It seems less in the character of a river-goddess that Arədvī Sūrā is also held to bestow upon her worshipers possessions such as chariots, arms, and household goods (5.130), as well as victory in battle and the destruction of foes (5.34ff.). Some of the verses which indicate these aspects of her power correspond closely with others addressed to Aši, yazatā of Fortune; and there seems to have been some blurring of identity between these two beautiful, chariot-driving goddesses. Linguistically Arədvī Sūrā’s hymn appears older than Aši’s Yt. 17), which is short and badly preserved; and so it has been assumed that, where there are verses in common, it was Aši who was the borrower. In a fluid, oral literature, however, such criteria cannot be relied on. Once Arədvī Sūrā gained greater popularity, her hymn would have been more often recited and so would be better preserved; there would be a tendency, moreover, for priests to seek to extend it in her honor. “Great-gifted Aši” is a Gathic figure, worshiped of old; and it seems probable that, as she suffered gradual eclipse by Arədvī Sūrā, verses once addressed to her were transferred to her rival, so that gifts properly sought from the goddess of Fortune came to be asked of the river-goddess.

Arədvī Sūrā’s striking growth in popularity seems to have begun in Achaemenid times, through her identification with the Western Iranian divinity *Anāhiti, known from Greek sources as Anaitis (see below). The Achaemenids’ devotion to this goddess evidently survived their conversion to Zoroastrianism, and they appear to have used royal influence to have her adopted into the Zoroastrian pantheon. The problem of how to offer veneration to a divinity unknown to the Avesta was solved by assimilating *Anāhiti to *Harahvaitī Arədvī Sūrā Anāhitā, whose third epithet was very close to the western divinity’s proper name, and indeed may already in late Old Persian have become identical with it, through the dropping of the final vowel in ordinary speech.

The first Achaemenid king known publicly to have acknowledged “Anāhit(a)”—that is, the composite being born of the assimilation of Arədvī Sūrā Anāhitā and *Anāhiti—was Artaxerxes II (404-359 B.C.), who in inscriptions invoked her after Ahura Mazdā and Mithra, and who also set up cult-statues in her honor (see further under Anaitis); and it was presumably after this that verses were composed and incorporated in Yašt 5 which apparently describe a temple statue (see Ābān Yašt).
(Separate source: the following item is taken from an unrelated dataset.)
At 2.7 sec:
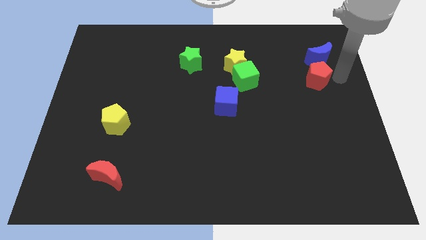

In these Arədvī Sūrā Anāhitā is invoked, not as the personification of a rushing river, but as a magnificently static being, richly arrayed in high-girt robe and jewel-encrusted mantle, with golden shoes and earrings, necklace, and crown. There is no similar description of any other Avestan divinity; and the contrast between it and the concept of Arədvī Sūrā in bold motion, drawn swiftly on by her four elemental steeds, suggests how uneasy in some ways was the reconciliation of *Harahvatī and *Anaitis. In the Pahlavi books (some of which represent lost Avestan texts), the two are still sometimes treated as separate divinities, with Ardwīsūr as the personification of the mythical river, and Anāhīd, the fertility goddess, identified with the planet Venus. Thus the Greater Bundahišn, in describing the world’s lakes and seas, says they all have their origin with “Ardwīsūr” (10.2, 5); whereas, in a paragraph concerned with the stars and planets (5.4), there is mention of “Anāhīd ī Abāxtarī,” i.e., the planet Venus. In other chapters, however, the two divine beings are identified, e.g., 3.17, “Ardwīsūr who is Anāhīd, the father and mother of the Waters” (Ardwīsūr ī Anāhīd, pid ud mād ī Ābān). In the cult the two became indissolubly one. This is attested by her names in the Avesta; further, at a shrine in Asia Minor in Roman times “Anaïtis” was invoked with what seems to be an ancient epithet of *Harahvatī’s, namely, “of high Harā (barzochára; see R. Schmitt, “Ein neues Anahita-Epitheton aus Kappadokien,” ZVS 84, 1970, pp. 207-10; see, contra, S. Wikander, in Acta Orientalia 34, 1972, pp. 13-15), while in another Greek inscription there she is spoken of as “Anaïtis of the sacred water” (L. Robert, “Monnaies grecques de l’époque impériale,” Revue numismatique, 6th series, 18, 1976, pp. 45-46).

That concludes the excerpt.